Connecting Group Think and Wage Parity
With the recent 30-year anniversary of the space shuttle Challenger disaster, we’ve been doing some additional research on one of the causes of that disaster – something called “group think”. Group think is a phenomenon where a group or team of people think or make decisions in a way that discourages creativity or individual responsibility. In essence, this type of practice is usually preferred so that a group can reach a certain pre-defined target, whether it be a deadline or quite simply, just getting along or being cohesive.

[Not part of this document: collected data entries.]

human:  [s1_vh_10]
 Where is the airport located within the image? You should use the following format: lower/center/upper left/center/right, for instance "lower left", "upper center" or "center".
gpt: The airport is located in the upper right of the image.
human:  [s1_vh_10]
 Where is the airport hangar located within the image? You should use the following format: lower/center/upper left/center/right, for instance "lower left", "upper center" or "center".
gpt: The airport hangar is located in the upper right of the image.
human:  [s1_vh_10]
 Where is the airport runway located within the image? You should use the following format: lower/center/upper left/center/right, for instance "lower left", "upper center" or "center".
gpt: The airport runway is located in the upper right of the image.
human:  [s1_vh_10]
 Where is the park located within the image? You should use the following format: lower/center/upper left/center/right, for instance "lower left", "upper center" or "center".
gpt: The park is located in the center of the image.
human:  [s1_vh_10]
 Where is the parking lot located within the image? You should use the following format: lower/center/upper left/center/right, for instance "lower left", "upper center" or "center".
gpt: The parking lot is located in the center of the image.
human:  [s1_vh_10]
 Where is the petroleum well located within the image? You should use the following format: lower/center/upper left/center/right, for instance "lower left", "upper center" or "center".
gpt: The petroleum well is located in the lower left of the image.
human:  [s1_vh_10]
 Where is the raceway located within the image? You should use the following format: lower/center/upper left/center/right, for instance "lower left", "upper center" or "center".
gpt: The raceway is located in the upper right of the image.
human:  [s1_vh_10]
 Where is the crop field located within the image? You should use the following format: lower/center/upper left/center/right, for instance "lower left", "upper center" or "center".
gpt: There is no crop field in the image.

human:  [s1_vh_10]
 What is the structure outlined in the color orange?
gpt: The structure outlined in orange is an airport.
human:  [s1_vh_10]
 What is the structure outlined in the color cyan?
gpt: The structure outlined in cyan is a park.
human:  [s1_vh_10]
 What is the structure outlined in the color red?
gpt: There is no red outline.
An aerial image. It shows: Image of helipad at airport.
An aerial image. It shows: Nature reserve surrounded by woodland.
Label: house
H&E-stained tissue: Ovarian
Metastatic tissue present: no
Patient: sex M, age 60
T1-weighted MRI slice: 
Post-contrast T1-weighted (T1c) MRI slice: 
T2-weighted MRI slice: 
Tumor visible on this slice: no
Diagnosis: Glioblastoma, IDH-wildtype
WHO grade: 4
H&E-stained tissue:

In preparation for International Women’s Day March 8th, we have also been reviewing research related to one of their themes, Pledge for Parity. It’s no secret that there continues to be income disparity between men and women. According to Statistics Canada 2011, full time working women still only receive 74% of wages compared to full time working men. So, we began to wonder, is there a link between group think and the lack of income parity between women and men?
So, why don’t women value themselves the same as men?

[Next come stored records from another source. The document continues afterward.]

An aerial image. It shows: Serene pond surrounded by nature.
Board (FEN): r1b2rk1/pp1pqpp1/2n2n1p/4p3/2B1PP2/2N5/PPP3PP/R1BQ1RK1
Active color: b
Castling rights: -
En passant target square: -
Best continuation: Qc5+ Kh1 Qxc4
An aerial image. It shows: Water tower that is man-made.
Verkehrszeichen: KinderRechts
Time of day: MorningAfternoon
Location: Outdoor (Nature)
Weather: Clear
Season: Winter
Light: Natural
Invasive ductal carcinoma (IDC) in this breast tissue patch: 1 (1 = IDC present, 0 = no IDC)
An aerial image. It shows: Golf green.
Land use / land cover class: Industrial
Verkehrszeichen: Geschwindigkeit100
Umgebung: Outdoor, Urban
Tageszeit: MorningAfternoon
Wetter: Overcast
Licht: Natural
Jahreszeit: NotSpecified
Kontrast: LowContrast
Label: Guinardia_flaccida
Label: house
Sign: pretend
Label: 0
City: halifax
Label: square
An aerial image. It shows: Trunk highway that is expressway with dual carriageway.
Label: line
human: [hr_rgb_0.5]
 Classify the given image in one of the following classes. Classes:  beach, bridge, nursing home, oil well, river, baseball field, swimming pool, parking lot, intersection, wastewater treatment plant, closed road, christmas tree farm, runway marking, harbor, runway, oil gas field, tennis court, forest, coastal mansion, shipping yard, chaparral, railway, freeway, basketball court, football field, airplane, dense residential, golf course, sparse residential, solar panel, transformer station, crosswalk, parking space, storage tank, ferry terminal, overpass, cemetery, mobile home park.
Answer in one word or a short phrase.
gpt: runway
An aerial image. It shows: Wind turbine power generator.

According to the Harvard Business Review Why Women Don’t Negotiate Their Job Offers, in repeated studies, it’s a matter of socially acceptable behaviour related to negotiating salary. The “social cost of negotiating for higher pay has been found to be greater for women than it is for men.” Although men can do a poor job of negotiating their pay, most published studies show that the social cost of negotiating for pay is not significant for men, and very significant for women. It seems that women have a negative intuitive ‘gutt’ feeling about negotiating for higher pay – and they’re right! If they self-advocate for higher pay, the research shows that it presents a socially difficult situation for them — more so than for men.

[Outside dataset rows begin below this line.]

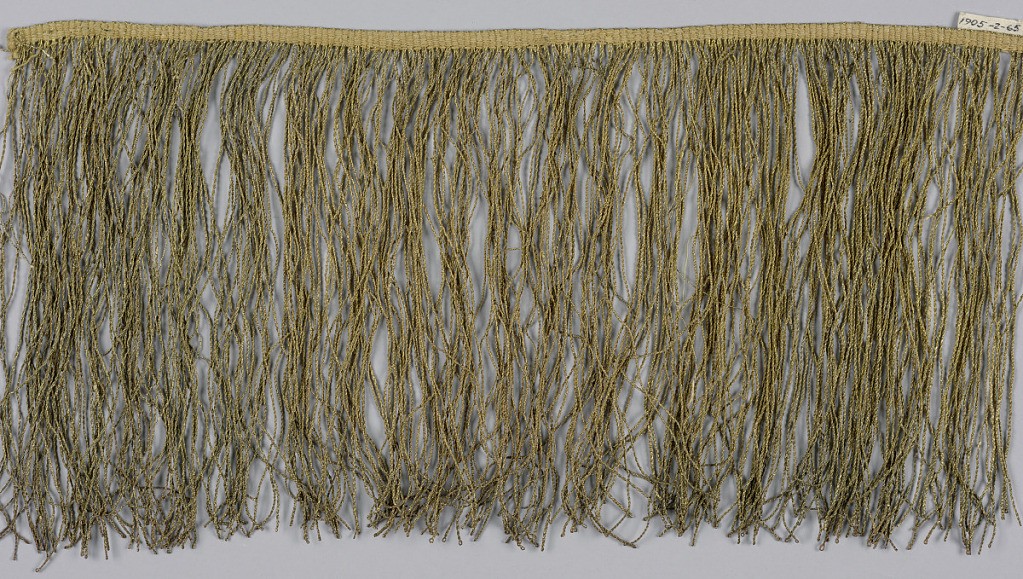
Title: Fringe
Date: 15th century
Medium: gilt foil on silk core, linen Technique: woven
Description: Gold fringe with a plain-woven heading and a fringe skirt of twisted loops.
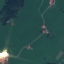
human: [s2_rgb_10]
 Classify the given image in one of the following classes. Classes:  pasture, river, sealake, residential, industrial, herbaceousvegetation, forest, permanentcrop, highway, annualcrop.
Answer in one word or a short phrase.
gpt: Pasture
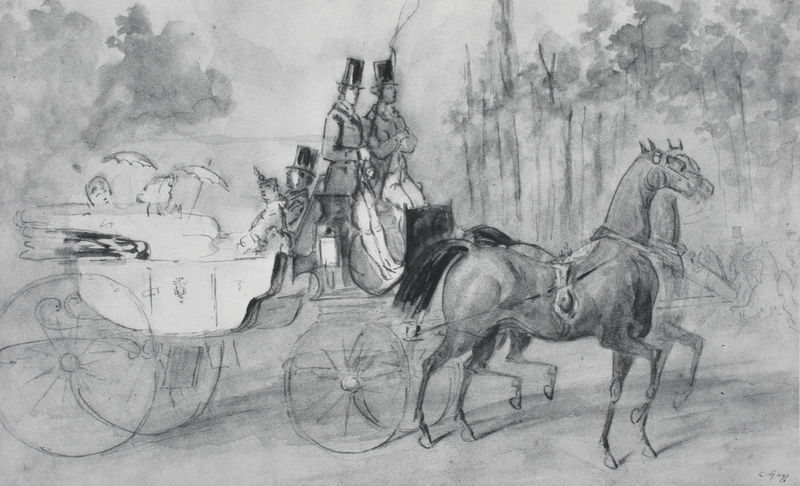
Titel: Promenade au Bois
Künstler: Constantin Guys
Standort: Paris
Institution: Musée des Arts Décoratifs
Schlagwörter: baum, dunkel, himmel, laub, mann, schatten, weiß, wolken, aquarell, bäume, frauen, landschaft, menschen, sitzen, bewegung, damen, frau, grau, hell, hut, hüte, kleider, lampe, laterne, licht, männer, schwarz, skizze, straße, szene, zeichnung, park, schirm, sonnenschirm, tier, tiere, weg, gesellschaft, haube, herren, zylinder, anzug, mensch, stehen, herr, horizont, sonne, adel, wald, genre, pferd, pferde, rund, räder, ausritt, beine, hufe, sattel, schweif, zaumzeug, zügel, sommer, zwei, studie, grafik, graphik, tag, ausflug, spazieren, kutsche, speichen, rad, wagen, frack, hoch, vier, tusche, offen, stolz, geschirr, schwarzweiß, bürger, schirme, kutscher, peitsche, deichsel, hauben, entwurf, trense, bleistiftzeichnung, sonntag, fahren, weß, hellgrau, schloß, reise, schwart, halfter, rappen, gespann, bock, rute, nabe, kutschfahrt, fahrt, paare, sonnenschirme, ausfahrt, pferdewagen, tuschezeichnung, trab, kutschbock, landauer, spazierfahrt, verdeck, türschloß, verwaschen, saumzeug, nobel, sonntagsausflug, gleichschritt, naben, coupé, equipage, lenken, guys, constantin, gestüt, dammen, galten, wagentür, vornehme gesellschaft, rassepferde, rädre, kacka
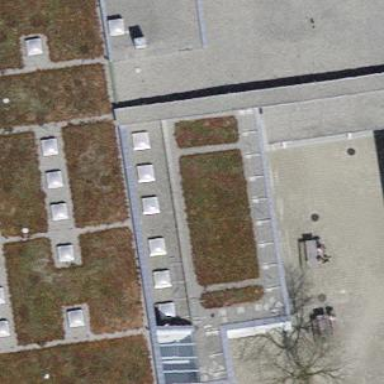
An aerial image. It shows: School building.
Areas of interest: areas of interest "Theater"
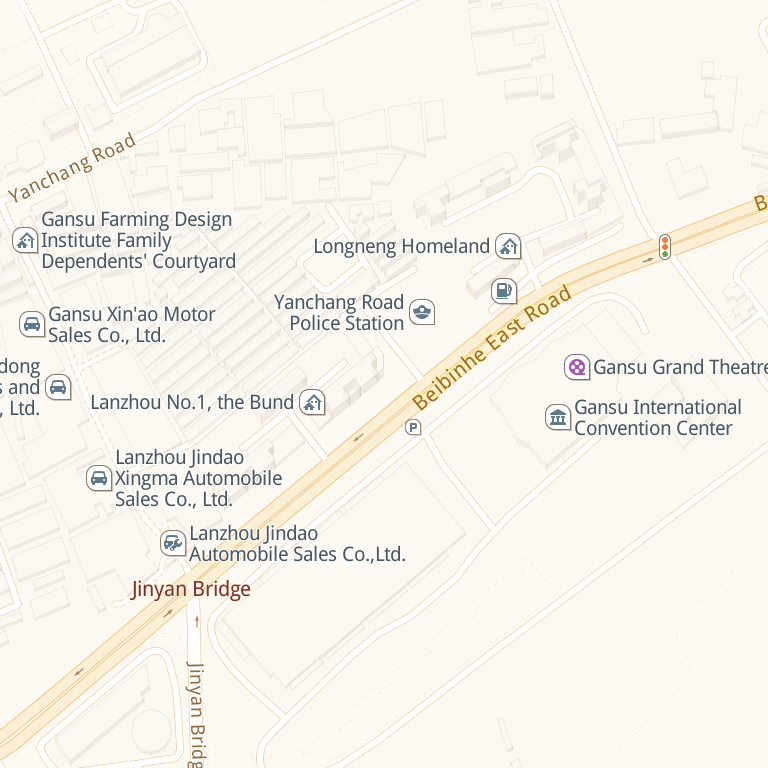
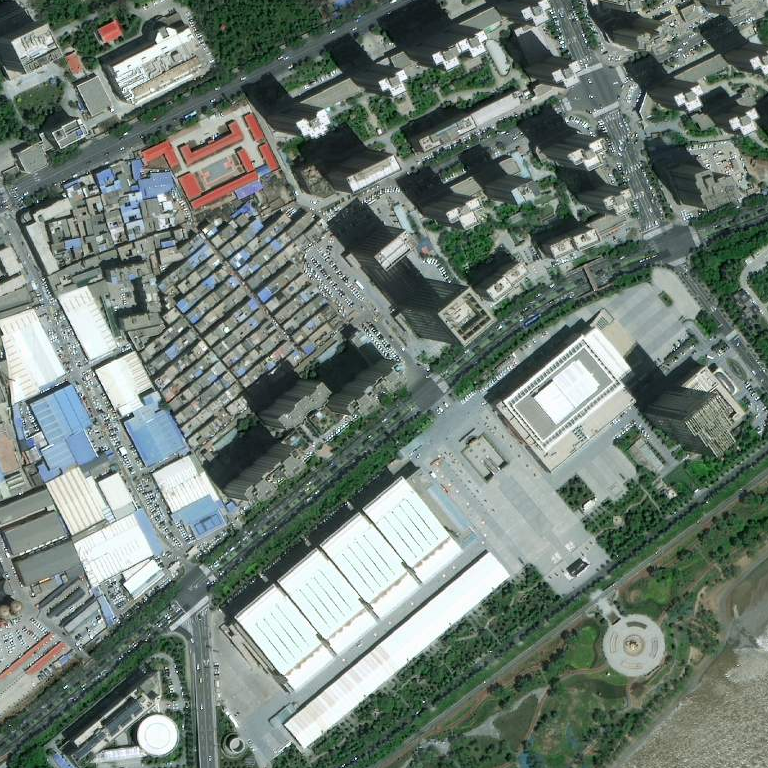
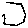
Label: hexagon
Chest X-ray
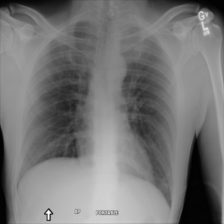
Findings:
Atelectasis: negative
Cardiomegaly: negative
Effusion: negative
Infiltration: positive
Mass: negative
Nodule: negative
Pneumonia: negative
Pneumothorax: negative
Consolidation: negative
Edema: negative
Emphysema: negative
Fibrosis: negative
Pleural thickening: negative
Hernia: negative

Why do we still see women paying a higher social cost for negotiating then men?
That’s where group think principals come in. The symptoms of group think can be summarized by three traits: flawed logic (“it’s always been this way”, “it’s just the way it is”), silencing of any opposition (“she’s seems too aggressive”, “there’s something about her I don’t like”) and external pressure (“if we pay her too much, then I may not get my increase”). All three of these are at play in wage parity challenges. No one challenges the parity issue because it’s always been this way, and even if women want to negotiate they stay quiet because the social cost to her is unacceptable. Underlying this is the constant pressure to compete for salaries, jobs and promotions.
What can be done?
Start by becoming more aware of how we stereotype and how it impacts our choices and actions. Make it safe for women to negotiate or seek out support from others who can offer you a neutral view or challenge your thinking. It’s difficult to change stereotypes that have been programmed in us since early childhood, but we can be aware of them and make continuous choice to change our behaviour.